When I was a kid, I remember my mom referring to “seedy hotel rooms”. Actually I am not sure if she was referring to hotel rooms, but I felt like when she used the word “seedy” it must be in reference to hotel rooms, because what else can really fall under that classification. For that matter, what in the world does “seedy” even mean? In my juvenile brain I imagined something like a dried up orange, sour and sticking to your teeth, and definitely hard water stains in the bathtub. That is seedy for sure.
I started hashing through all of this on a recent sleepless, yet thought -provoking night at a hotel room that could probably pretty fairly be considered seedy. I was trying to be thrifty since my employers had been reticent to pay for the nicer hotel the last time I needed one for work. There were hard water stains on the bathtub for sure, but no dried out oranges to speak of. If I had to define seedy I would probably say it something akin to the opposite of “classy”, i.e. low quality, unkempt, and questionably legal. The ACTUAL definition of seedy is much better than mine:
- sordid and disreputable.
As I lay contorted in a bed with undefinable lumps in it, I decided it would be helpful to develop an identification strategy for anyone who wonders if they might be staying in a seedy hotel room. Here are the parameters I came up with.

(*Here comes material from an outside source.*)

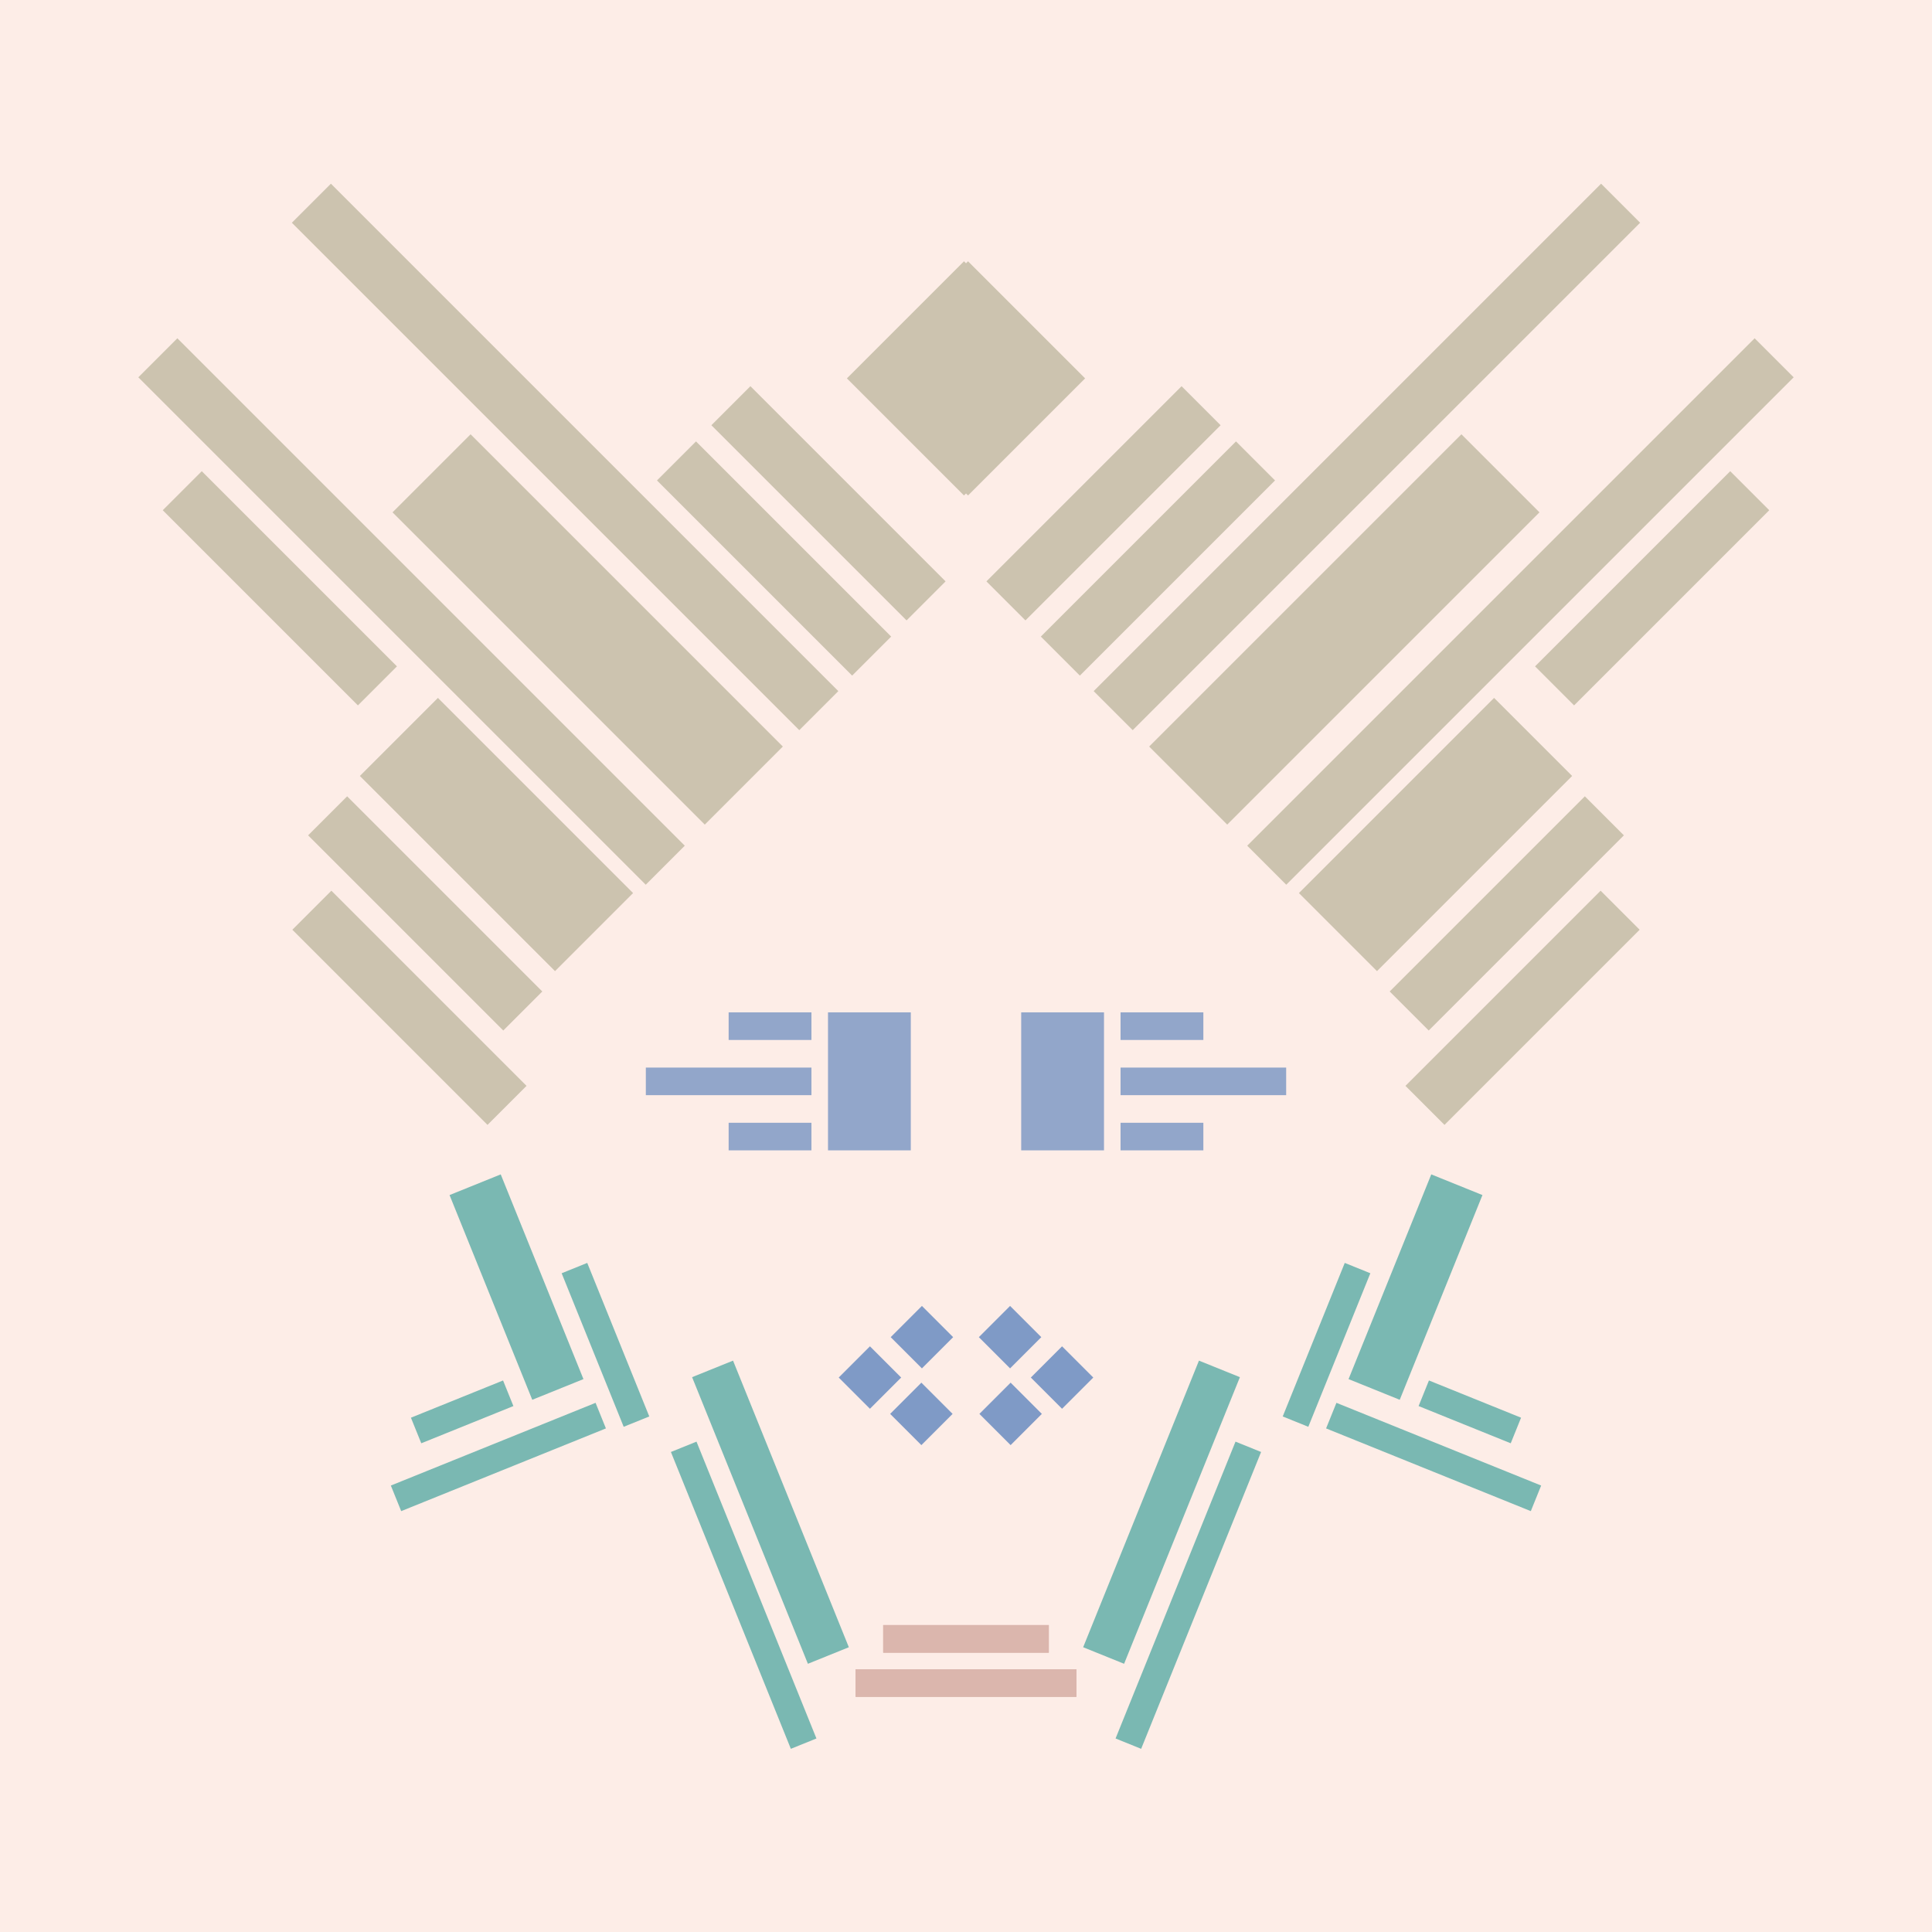 <svg xmlns='http://www.w3.org/2000/svg' preserveAspectRatio='xMinYMin meet' viewBox='0 0 350 350'> <filter id='neon' y='-2' x='-1' width='350' height='350'><feDropShadow flood-color='#8A795D' dx='0' dy='6' flood-opacity='0.65' stdDeviation='2.5' result='shadow'/><feOffset in='StrokePaint' dx='0' dy='2.4' result='offStrPnt'/><feFlood flood-color='#4A4132' flood-opacity='2' result='flood1' /><feOffset in='SourceGraphic' dx='0' dy='2' result='offFlood'/><feOffset in='SourceGraphic' dx='0' dy='9' result='offShadow'/><feComposite in='flood1' in2='offFlood' operator='in'  result='cmpFlood' /><feComposite in='shadow' in2='offShadow' operator='in' result='cmpSha' /><feGaussianBlur in='offStrPnt' stdDeviation='1' result='bStrokeP'/><feGaussianBlur in='cmpFlood' stdDeviation='0.6' result='bFlood'/><feGaussianBlur in='cmpSha' stdDeviation='0.6' result='bShadow'/><feMerge><feMergeNode in='bStrokeP'/><feMergeNode in='bshadow'/><feMergeNode in='bFlood'/><feMergeNode in='SourceGraphic'/></feMerge></filter>  <rect width='100%'  height='100%' fill='#FDEDE7'/> <g filter='url(#neon)' ><rect x='160' y= '281' width='30 ' height=  '5  '  fill= '#DBB6AD' /><rect x='155' y= '289' width='40 ' height=  '5  '  fill= '#DBB6AD' /><rect x='136' y= '233' width='8  ' height=  '56 '  fill= '#7AB8B2' transform = '  translate( -88 , 71  ) rotate ( -22)'  /><rect x='132' y= '246' width='5  ' height=  '58 '  fill= '#7AB8B2' transform = '  translate( -93 , 71  ) rotate ( -22)'  /><rect x='107' y= '215' width='5  ' height=  '30 '  fill= '#7AB8B2' transform = '  translate( -78 , 58  ) rotate ( -22)'  /><rect x='89 ' y= '200' width='10 ' height=  '40 '  fill= '#7AB8B2' transform = '  translate( -76 , 51  ) rotate ( -22)'  /><rect x='75 ' y= '240' width='18 ' height=  '5  '  fill= '#7AB8B2' transform = '  translate( -85 , 49  ) rotate ( -22)'  /><rect x='70 ' y= '248' width='40 ' height=  '5  '  fill= '#7AB8B2' transform = '  translate( -87 , 52  ) rotate ( -22)'  /><rect x='160' y= '281' width='30 ' height=  '5  '  fill= '#DBB6AD' transform= 'scale(-1,1) translate(-350,0)'/><rect x='155' y= '289' width='40 ' height=  '5  '  fill= '#DBB6AD' transform= 'scale(-1,1) translate(-350,0)'/><rect x='136' y= '233' width='8  ' height=  '56 '  fill= '#7AB8B2' transform = ' scale(-1,1)  translate(-350,0) translate( -88 , 71  ) rotate ( -22)'  /><rect x='132' y= '246' width='5  ' height=  '58 '  fill= '#7AB8B2' transform = ' scale(-1,1)  translate(-350,0) translate( -93 , 71  ) rotate ( -22)'  /><rect x='107' y= '215' width='5  ' height=  '30 '  fill= '#7AB8B2' transform = ' scale(-1,1)  translate(-350,0) translate( -78 , 58  ) rotate ( -22)'  /><rect x='89 ' y= '200' width='10 ' height=  '40 '  fill= '#7AB8B2' transform = ' scale(-1,1)  translate(-350,0) translate( -76 , 51  ) rotate ( -22)'  /><rect x='75 ' y= '240' width='18 ' height=  '5  '  fill= '#7AB8B2' transform = ' scale(-1,1)  translate(-350,0) translate( -85 , 49  ) rotate ( -22)'  /><rect x='70 ' y= '248' width='40 ' height=  '5  '  fill= '#7AB8B2' transform = ' scale(-1,1)  translate(-350,0) translate( -87 , 52  ) rotate ( -22)'  /><rect x='49 ' y= '164' width='50 ' height=  '10 '  fill= '#CCC3AF' transform = '  translate( 7   , 341 ) rotate ( -135  )'  /><rect x='52 ' y= '147' width='50 ' height=  '10 '  fill= '#CCC3AF' transform = '  translate( 24  , 314 ) rotate ( -135  )'  /><rect x='65 ' y= '128' width='50 ' height=  '20 '  fill= '#CCC3AF' transform = '  translate( 56  , 299 ) rotate ( -135  )'  /><rect x='26 ' y= '88 ' width='50 ' height=  '10 '  fill= '#CCC3AF' transform = '  translate( 21  , 195 ) rotate ( -135  )'  /><rect x='10 ' y= '92 ' width='130' height=  '10 '  fill= '#CCC3AF' transform = '  translate( 59  , 219 ) rotate ( -135  )'  /><rect x='37 ' y= '65 ' width='130' height=  '10 '  fill= '#CCC3AF' transform = '  translate( 125 , 191 ) rotate ( -135  )'  /><rect x='115' y= '83 ' width='50 ' height=  '10 '  fill= '#CCC3AF' transform = '  translate( 177 , 249 ) rotate ( -135  )'  /><rect x='125' y= '73 ' width='50 ' height=  '10 '  fill= '#CCC3AF' transform = '  translate( 201 , 239 ) rotate ( -135  )'  /><rect x='66 ' y= '91 ' width='80 ' height=  '20 '  fill= '#CCC3AF' transform = '  translate( 110 , 247 ) rotate ( -135  )'  /><rect x='160' y= '40 ' width='30 ' height=  '30 '  fill= '#CCC3AF' transform = '  translate( 12  , 140 ) rotate ( -45)'  /><rect x='49 ' y= '164' width='50 ' height=  '10 '  fill= '#CCC3AF' transform = ' scale(-1,1)  translate(-350,0) translate( 7   , 341 ) rotate ( -135  )'  /><rect x='52 ' y= '147' width='50 ' height=  '10 '  fill= '#CCC3AF' transform = ' scale(-1,1)  translate(-350,0) translate( 24  , 314 ) rotate ( -135  )'  /><rect x='65 ' y= '128' width='50 ' height=  '20 '  fill= '#CCC3AF' transform = ' scale(-1,1)  translate(-350,0) translate( 56  , 299 ) rotate ( -135  )'  /><rect x='26 ' y= '88 ' width='50 ' height=  '10 '  fill= '#CCC3AF' transform = ' scale(-1,1)  translate(-350,0) translate( 21  , 195 ) rotate ( -135  )'  /><rect x='10 ' y= '92 ' width='130' height=  '10 '  fill= '#CCC3AF' transform = ' scale(-1,1)  translate(-350,0) translate( 59  , 219 ) rotate ( -135  )'  /><rect x='37 ' y= '65 ' width='130' height=  '10 '  fill= '#CCC3AF' transform = ' scale(-1,1)  translate(-350,0) translate( 125 , 191 ) rotate ( -135  )'  /><rect x='115' y= '83 ' width='50 ' height=  '10 '  fill= '#CCC3AF' transform = ' scale(-1,1)  translate(-350,0) translate( 177 , 249 ) rotate ( -135  )'  /><rect x='125' y= '73 ' width='50 ' height=  '10 '  fill= '#CCC3AF' transform = ' scale(-1,1)  translate(-350,0) translate( 201 , 239 ) rotate ( -135  )'  /><rect x='66 ' y= '91 ' width='80 ' height=  '20 '  fill= '#CCC3AF' transform = ' scale(-1,1)  translate(-350,0) translate( 110 , 247 ) rotate ( -135  )'  /><rect x='160' y= '40 ' width='30 ' height=  '30 '  fill= '#CCC3AF' transform = ' scale(-1,1)  translate(-350,0) translate( 12  , 140 ) rotate ( -45)'  /><rect x='163' y= '239' width='8  ' height=  '8  '  fill= '#7F9AC6' transform = '  translate( -123   , 189 ) rotate ( -45)'  /><rect x='163' y= '225' width='8  ' height=  '8  '  fill= '#7F9AC6' transform = '  translate( -113   , 185 ) rotate ( -45)'  /><rect x='154' y= '232' width='8  ' height=  '8  '  fill= '#7F9AC6' transform = '  translate( -121   , 181 ) rotate ( -45)'  /><rect x='163' y= '239' width='8  ' height=  '8  '  fill= '#7F9AC6' transform = ' scale(-1,1)  translate(-350,0) translate( -123   , 189 ) rotate ( -45)'  /><rect x='163' y= '225' width='8  ' height=  '8  '  fill= '#7F9AC6' transform = ' scale(-1,1)  translate(-350,0) translate( -113   , 185 ) rotate ( -45)'  /><rect x='154' y= '232' width='8  ' height=  '8  '  fill= '#7F9AC6' transform = ' scale(-1,1)  translate(-350,0) translate( -121   , 181 ) rotate ( -45)'  /></g><g fill-opacity='0.85'><rect x='117' y= '180' width='30 ' height=  '5  '  fill= '#7F9AC6' filter='url(#neon)'  /><rect x='150' y= '170' width='15 ' height=  '25 '  fill= '#7F9AC6' filter='url(#neon)'  /><rect x='132' y= '170' width='15 ' height=  '5  '  fill= '#7F9AC6' filter='url(#neon)'  /><rect x='132' y= '190' width='15 ' height=  '5  '  fill= '#7F9AC6' filter='url(#neon)'  /><rect x='117' y= '180' width='30 ' height=  '5  '  fill= '#7F9AC6' filter='url(#neon)'  transform= 'scale(-1,1) translate(-350,0)'/><rect x='150' y= '170' width='15 ' height=  '25 '  fill= '#7F9AC6' filter='url(#neon)'  transform= 'scale(-1,1) translate(-350,0)'/><rect x='132' y= '170' width='15 ' height=  '5  '  fill= '#7F9AC6' filter='url(#neon)'  transform= 'scale(-1,1) translate(-350,0)'/><rect x='132' y= '190' width='15 ' height=  '5  '  fill= '#7F9AC6' filter='url(#neon)'  transform= 'scale(-1,1) translate(-350,0)'/></g></svg>

- If you walk into the room and smell wet carpet, it’s a pretty sure sign you’re at a seedy hotel. Chances are also good that where you smell wet carpet there is wet carpet and it will be a relief to discover that it’s mostly from the leaking air conditioner, and probably not from that suspicious stain by the bathroom door.
- If you find yourself playing the “floor is lava” by yourself, leaping from bed to table to entertainment center to cracked bathroom tiles to avoid carpet stains, you’re probably in a seedy hotel.
- If the table you lept to from the bed does not support your parcours adventures and breaks into 5 pieces, you’re probably in a seedy hotel.
- If the paper cups wrapped in saran wrap by the coffeemaker are so biodegradable that they biodegrade during one episode of House with a little bit of ice water in them, chances are good you picked a seedy hotel.
- If it sounds like there is a middle school game of twister going on above you and they all brought their toddler siblings with them, you might be staying at a seedy hotel.
- If the guy in the room down the hall has his door open and an ACTUAL boom box stationed to blare into the hallway some unrecognizable cross between mariachi and Celine Dion, yeah, you’re probably there.
- If the coffee for your room is two scoops of folgers in a zip-lock baggie…
- If the circa 1987 wallpaper still matches the bedspread and the paint is rubbed off of EVERY CORNER, it’s a good sign.
- If there is hair in the bed BEFORE you get in it, well, that’s just gross.
- If there is no discernable difference in color, smell or viscosity of the shampoo, conditioner, body lotion and shoe polish - good chance you’re at a seedy place.